In a recent post to the American Association of School Librarians (AASL) Forum, Dr. David Loertscher pointed us to a Mindshift blog post by Tina Barseghian. Her piece focused on measuring deeper learning.
In the Mindshift blog post, Dr. James Pellegrino defined deeper learning as a way to learn processes that transfer and make knowledge useful in new situations. Dr. Linda Darling-Hammond, professor of education at the Stanford and advocate for education reform, is also cited in Barseghian’s post. Darling-Hammond states that deeper learning involves problem solving in collaboration with others: “Collaboration is a skill not a deficit.”
On the AASL Forum, David asked how school librarians are shifting their practices, particularly in Common Core State Standards learning experiences, “to concentrate on deeper learning rather than the old superficial factual knowledge acquisition that has been commonplace.” He also asked what school library educators are doing to teach this shift in preservice preparation courses. To answer David’s questions, I would like share my New Year’s resolutions.
I will continue to work with the school, public, and academic librarians in Denton, Texas as we inquire about how to best support young people in our community in developing lifelong literacy skills through deep learning. As a first step in the 2012-2013 academic year, the Denton Inquiry 4 Lifelong Learning team is facilitating a year-long book study of Drs. Carol Kuhlthau, Leslie Maniotes, and Ann Caspari’s book Guided Inquiry Design: A Framework for Your School (Libraries Unlimited, 2012).
In my work as a school librarian educator, I will continue to push the preservice candidates with whom I am privileged to learn toward facilitating inquiry learning and technology integration through classroom-library instructional partnerships that position librarians as leaders in “deeper learning” reform efforts in their schools.
Whenever the opportunity arises, I will write letters to the editors of the newspapers in my communities to inform readers of the potential of professional school librarians to positively impact 21st-century students’ learning and teachers’ teaching.
And I will continue to coproduce this blog with my colleagues Drs. Sue Kimmel, Melissa P. Johnston, and Judy Kaplan to share news and views to further conversations with our preservice librarian candidates and practicing librarians regarding our role in building cultures of collaboration in our schools.

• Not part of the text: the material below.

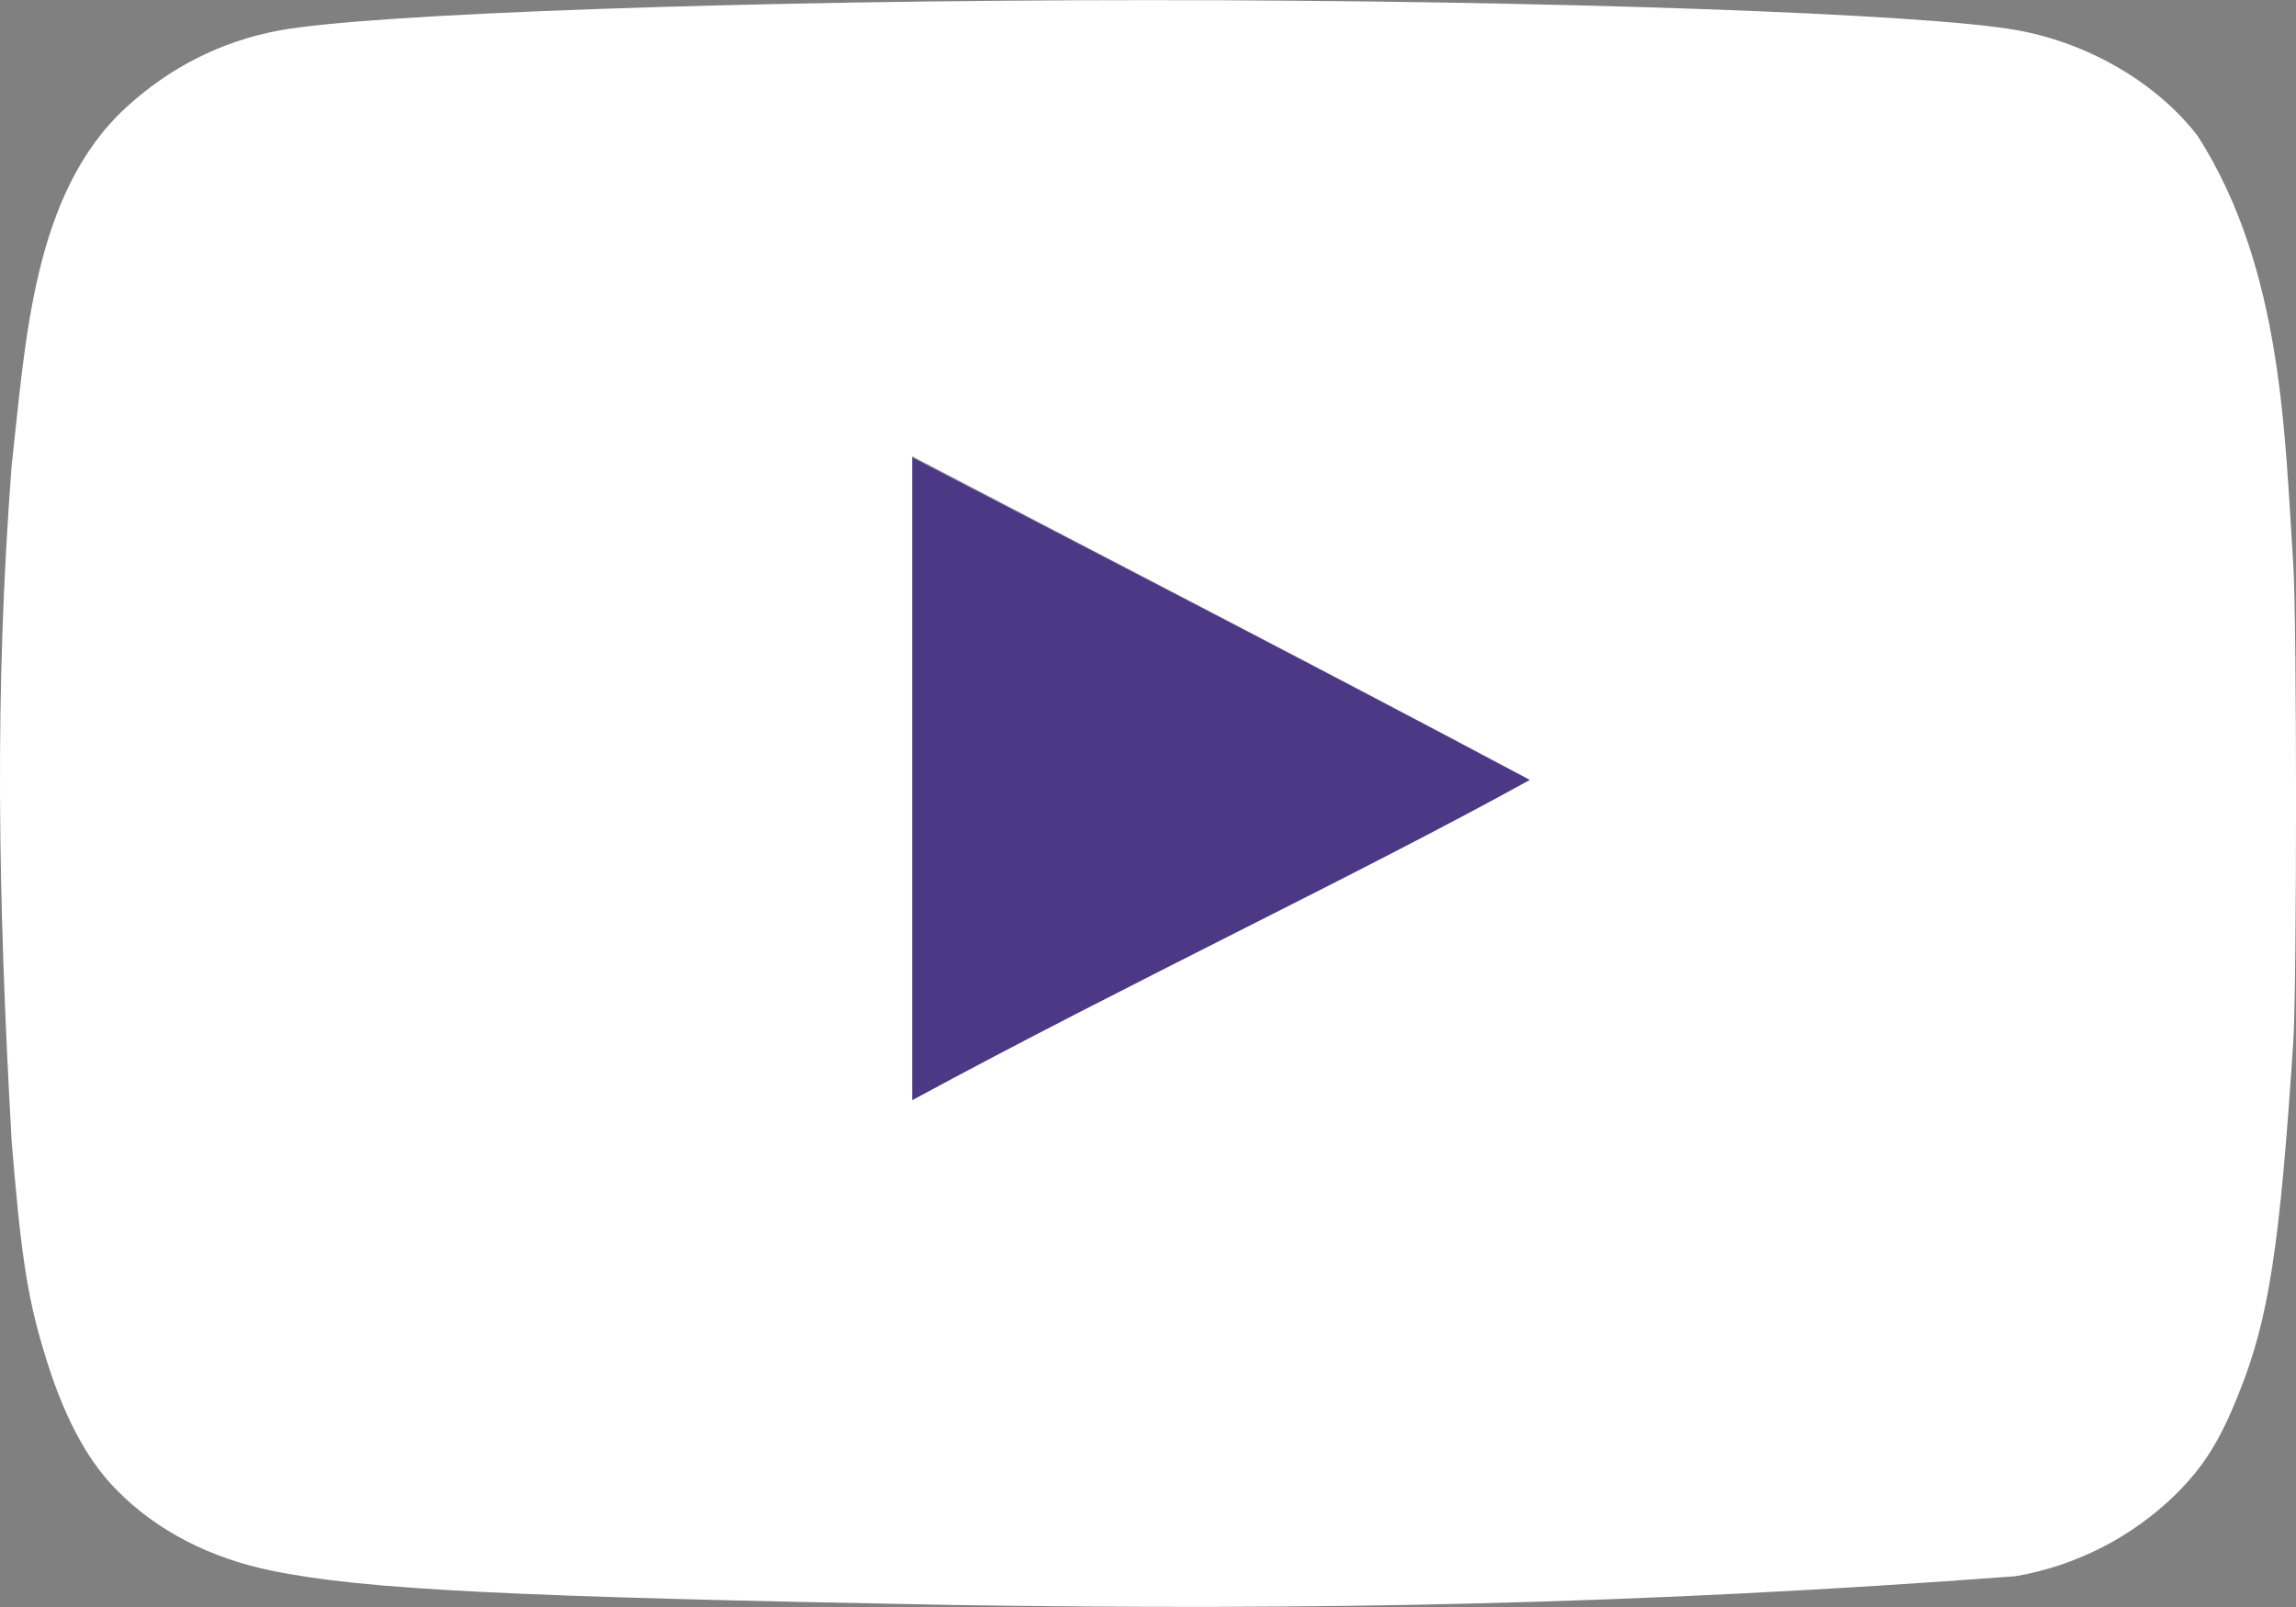 <?xml version="1.0" encoding="UTF-8"?> <svg xmlns="http://www.w3.org/2000/svg" width="20" height="14" viewBox="0 0 20 14" fill="none"><rect x="0" y="0" width="20" height="14" fill="#808080" stroke="none"/><g clip-path="url(#clip0_1_689)"><path d="M13.322 6.796C11.489 5.819 9.733 4.922 7.938 3.984V9.592C9.827 8.569 11.817 7.632 13.33 6.796H13.322Z" fill="#4C3885"></path><path d="M13.322 6.796C11.489 5.819 7.938 3.984 7.938 3.984L12.672 7.155C12.672 7.155 11.81 7.632 13.322 6.796Z" fill="#4C3885"></path><path d="M8.283 13.982C4.474 13.912 3.173 13.849 2.374 13.685C1.833 13.576 1.362 13.334 1.018 12.982C0.751 12.716 0.539 12.311 0.375 11.748C0.234 11.279 0.179 10.889 0.101 9.936C-0.019 7.785 -0.048 6.027 0.101 4.062C0.223 2.977 0.283 1.689 1.096 0.938C1.48 0.586 1.927 0.36 2.429 0.266C3.212 0.118 6.551 0.001 10.007 0.001C13.456 0.001 16.802 0.118 17.587 0.266C18.213 0.383 18.801 0.735 19.146 1.188C19.888 2.351 19.901 3.798 19.977 4.929C20.008 5.468 20.008 8.53 19.977 9.069C19.859 10.857 19.765 11.49 19.499 12.146C19.334 12.56 19.193 12.779 18.95 13.021C18.568 13.394 18.081 13.642 17.555 13.732C14.259 13.979 11.46 14.032 8.283 13.982ZM13.331 6.796C11.497 5.819 9.741 4.914 7.946 3.976V9.585C9.835 8.561 11.826 7.624 13.338 6.788L13.331 6.796Z" fill="white"></path></g><defs><clipPath id="clip0_1_689"><rect width="20" height="14" fill="white"></rect></clipPath></defs></svg>

As a practicing school librarian or school librarian educator, how will you resolve to improve the practice of our profession in 2013?
References
Barseghian, Tina. (2012, Sept. 13). How do we define and measure deeper learning? Mindshift Blog. 31 Dec. 2012.
Word Cloud. Wordle.net. http://wordle.net
Glad to read this information and think about how I can contribute to library and librarian issues. (Retired school librarian)
At our university, we use Loertscher’s “ban those bird units” as a rallying cry. In courses that co-mingle academic, public, and school librarians alongside preservice middle/high school teachers, we keep working on how we can go beyond bibliographic instruction and into transformative learning. In our classes, for example, all of those groups look at Common Core: what does it mean for school librarians? Public librarians? Classroom teachers? What are the potential implications for academic librarians’ instructional practice? Where are the connections? To do this, we have to push past facile guidelines and our past experiences as teachers and students. Those conversations can be tricky and, at times, uncomfortable. As my teaching colleague says, “You can’t push away uncertainties; you have to push through them.”